I mean, this case involves what Congress specifically looked at and specifically did in the context of marital dissolution, and the reason for that is a marital dissolution comes up all the time.
Justice Scalia: Sure.
Mr. Levy: It's a commonplace in these benefits issues, and these are high-volumes operations.
The plan administrators aren't lawyers.
Congress wanted bright-line rules that could be easily applied here, not general principles to be applied for the facts and circumstances of each particular case, highly fact-intensive, highly subjective inquiries.
Congress didn't want any of that.
It didn't want the plan administrator to have to look behind the face of the order to the circumstances of the--
Justice Breyer: I'm five minutes behind.
I just got your point on the (iii)(1).
I see it.
Mr. Levy: --Okay.
Justice Breyer: Okay?
I get it.
Mr.

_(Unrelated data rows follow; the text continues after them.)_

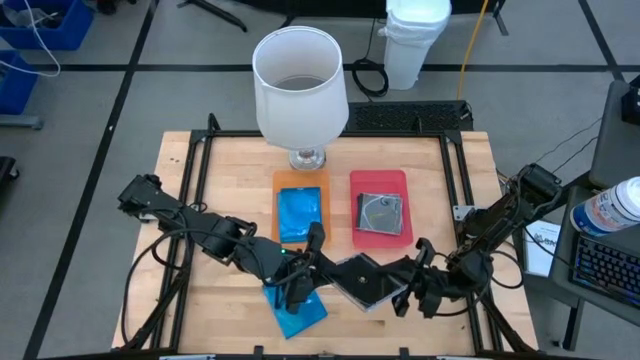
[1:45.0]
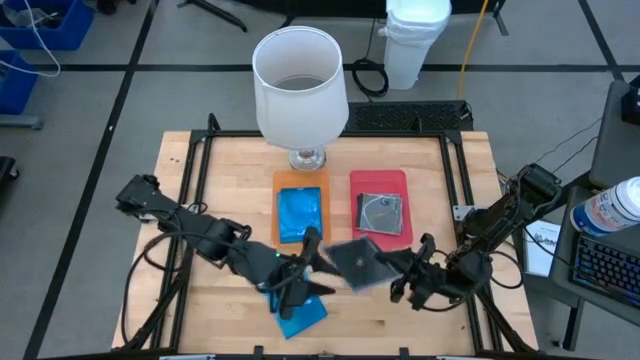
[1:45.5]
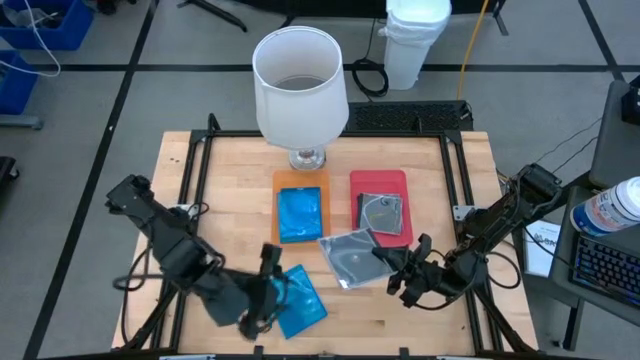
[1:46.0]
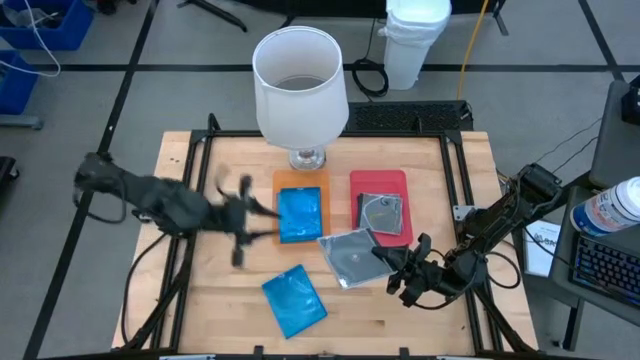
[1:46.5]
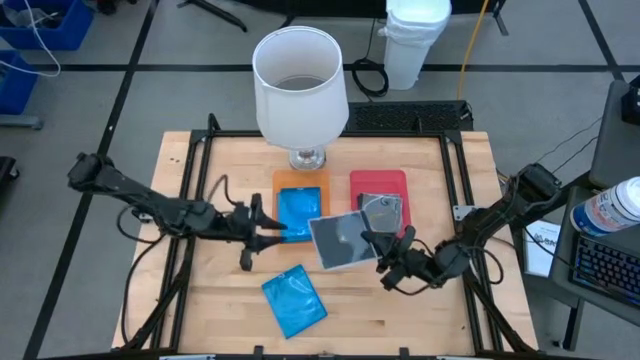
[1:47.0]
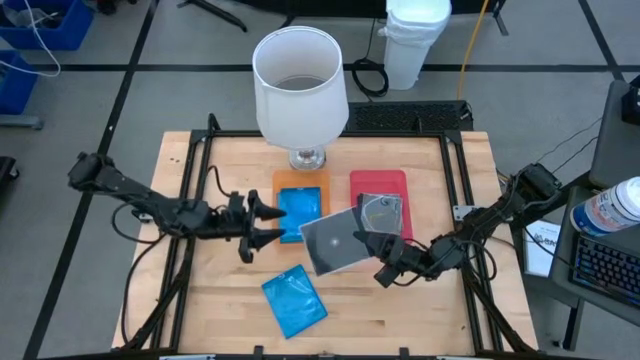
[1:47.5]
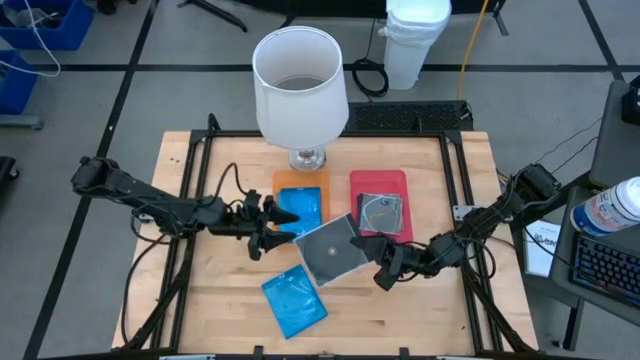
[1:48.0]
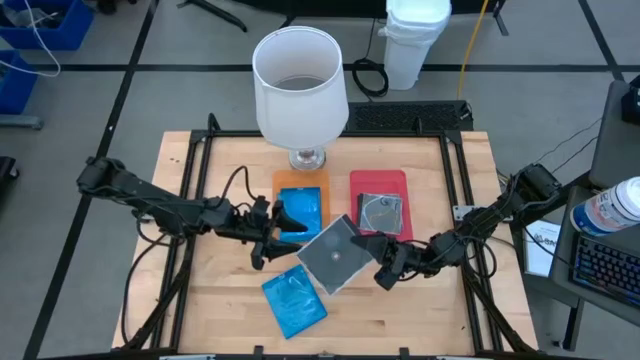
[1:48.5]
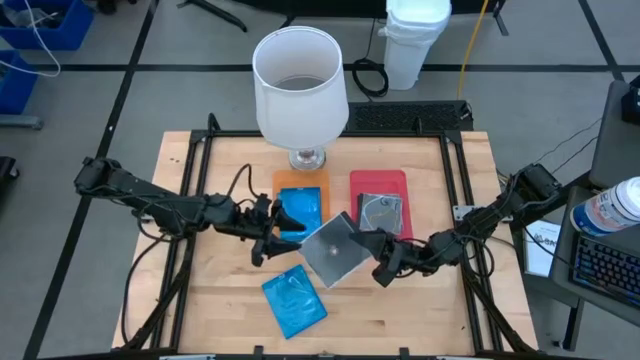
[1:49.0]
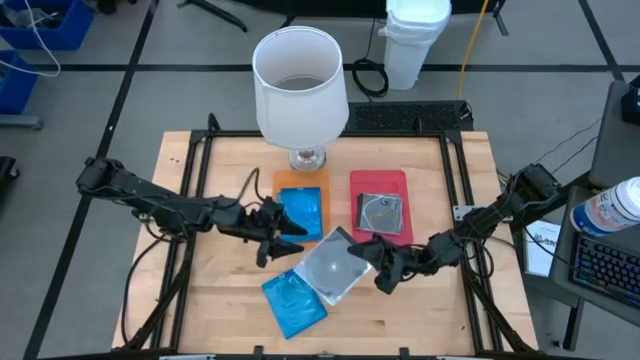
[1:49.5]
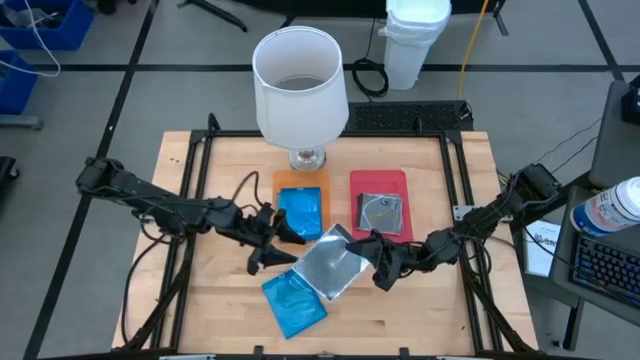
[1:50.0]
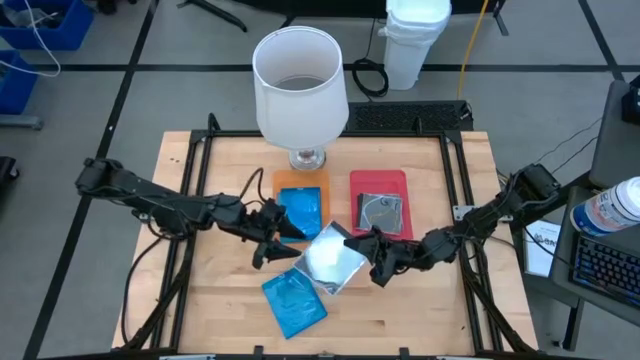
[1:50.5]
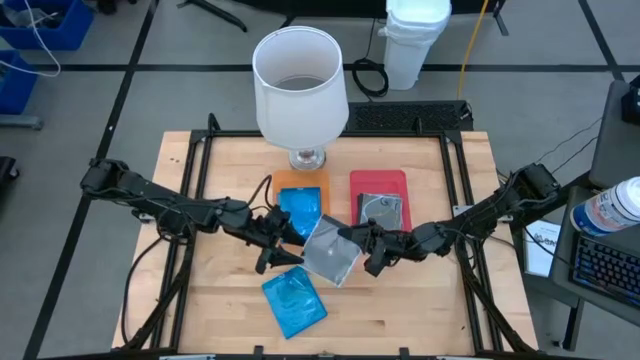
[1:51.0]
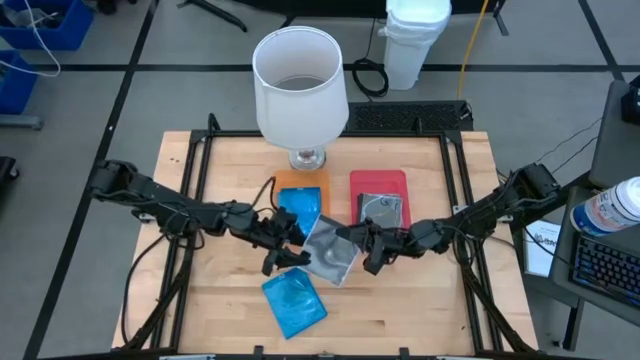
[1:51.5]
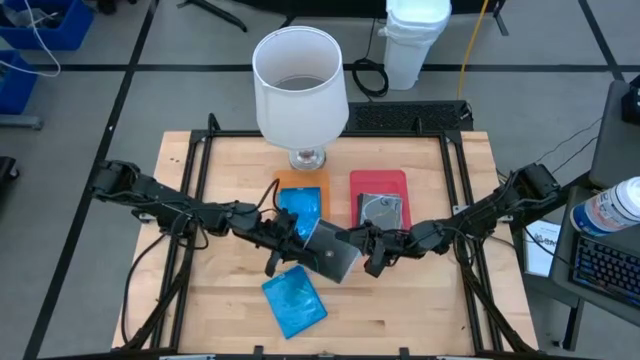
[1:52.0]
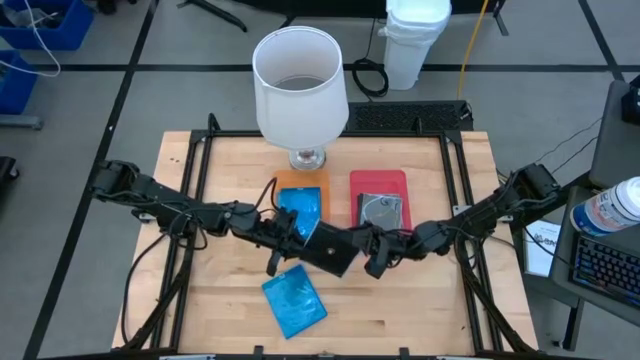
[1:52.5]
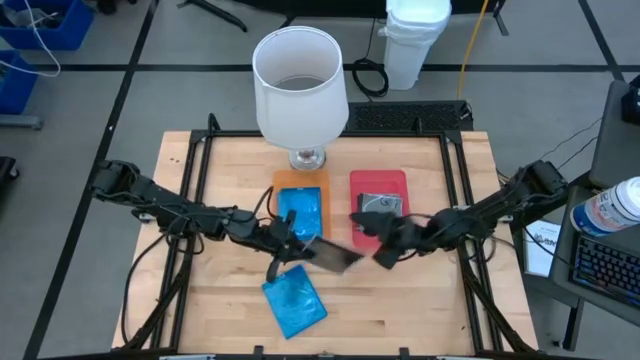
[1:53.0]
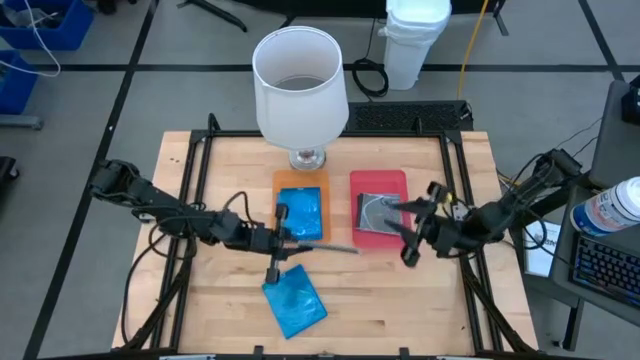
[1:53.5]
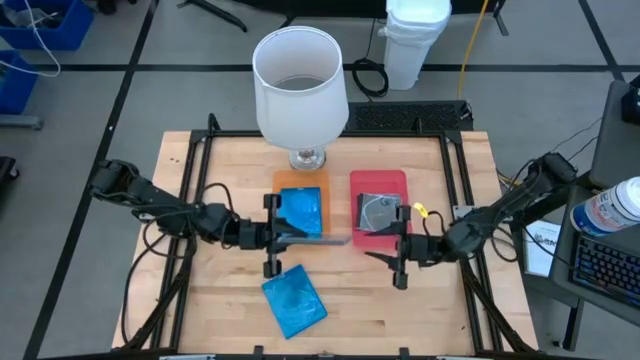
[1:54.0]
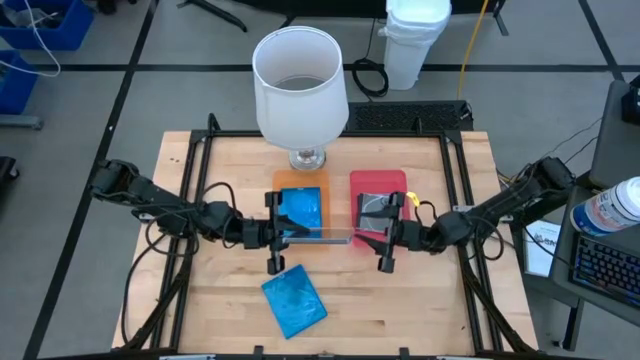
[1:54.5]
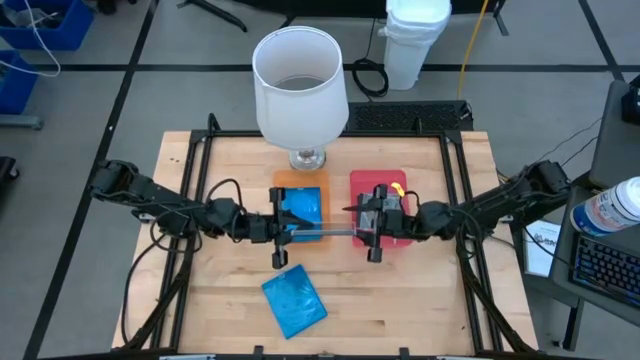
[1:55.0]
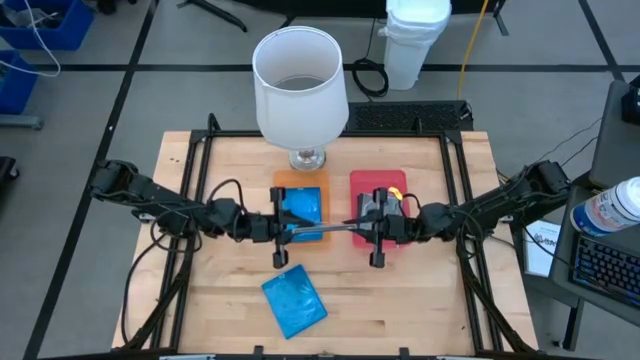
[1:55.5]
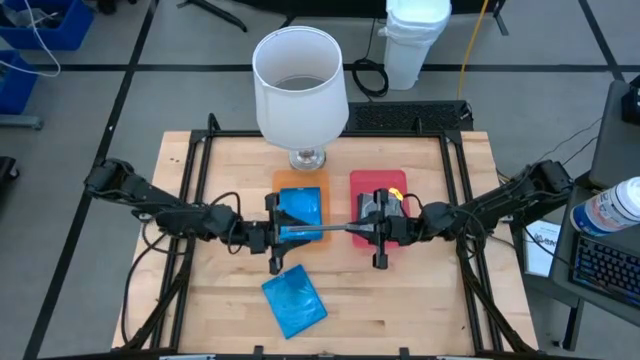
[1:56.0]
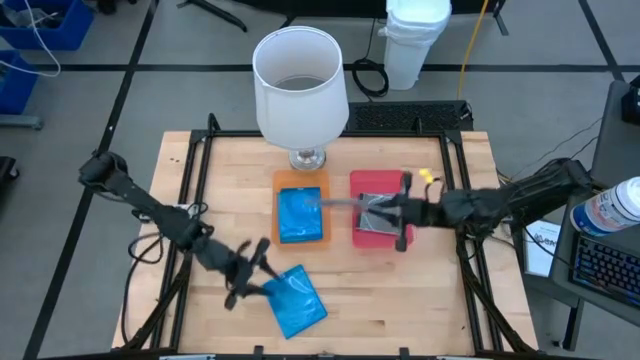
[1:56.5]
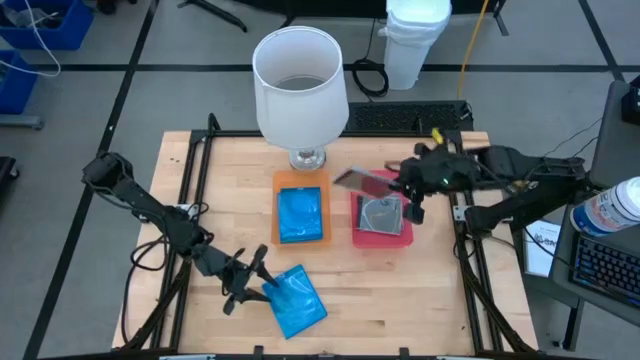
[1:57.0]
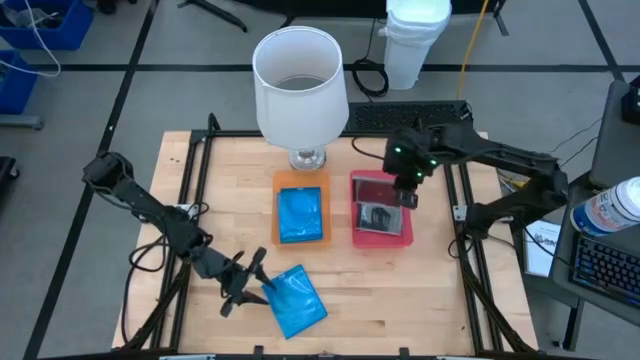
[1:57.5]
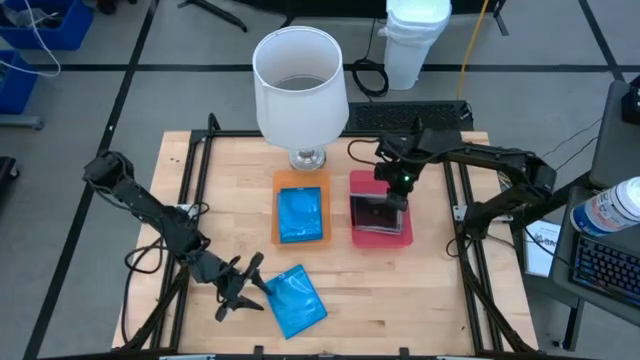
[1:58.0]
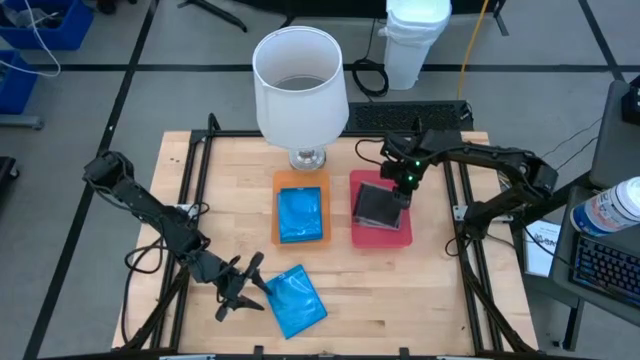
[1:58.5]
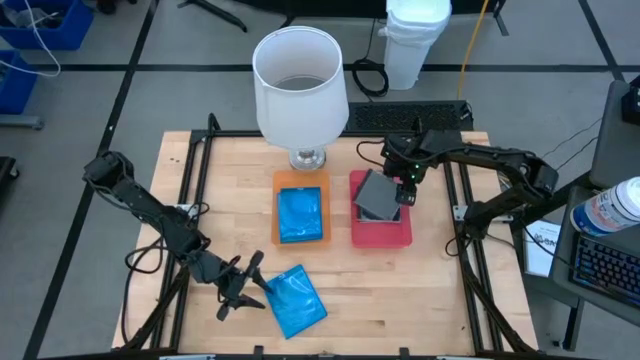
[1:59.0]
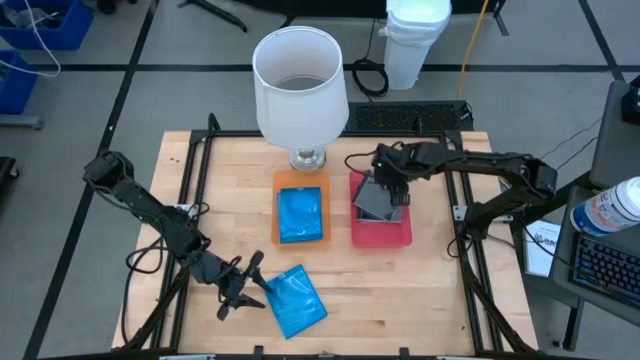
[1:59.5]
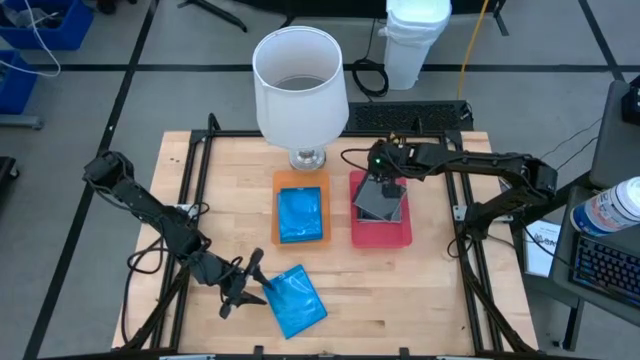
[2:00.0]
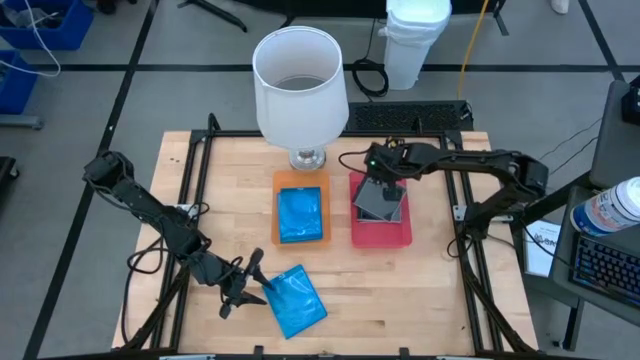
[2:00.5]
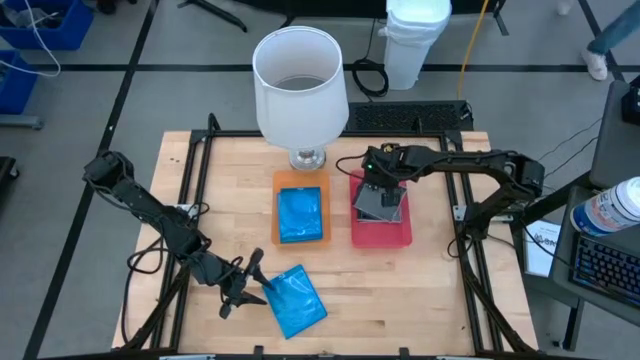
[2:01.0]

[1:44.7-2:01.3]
Task: Pick & place jewel cases by type
Put the black CD case into the red bin

Levy: It didn't want the plan administrators to have to try and divine the intention of the parties, didn't want the plan administrators to have to hold a factfinding hearing before it could pay plan benefits.

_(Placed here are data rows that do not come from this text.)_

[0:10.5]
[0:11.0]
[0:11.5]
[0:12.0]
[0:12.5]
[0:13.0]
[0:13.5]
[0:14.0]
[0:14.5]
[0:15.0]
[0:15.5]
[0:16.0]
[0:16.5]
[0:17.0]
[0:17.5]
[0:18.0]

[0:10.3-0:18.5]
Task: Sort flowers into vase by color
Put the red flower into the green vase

That is completely foreign to the efficient and simple operation that Congress had in mind.
Now let me turn to the anti-alienation issue about which there have been several questions.
Justice Ginsburg: Before you do, leaving the plan -- the beneficiary designation, you say that the plan administrator is not required to give effect to a waiver that conflicts with the beneficiary designation.
Is it just not required?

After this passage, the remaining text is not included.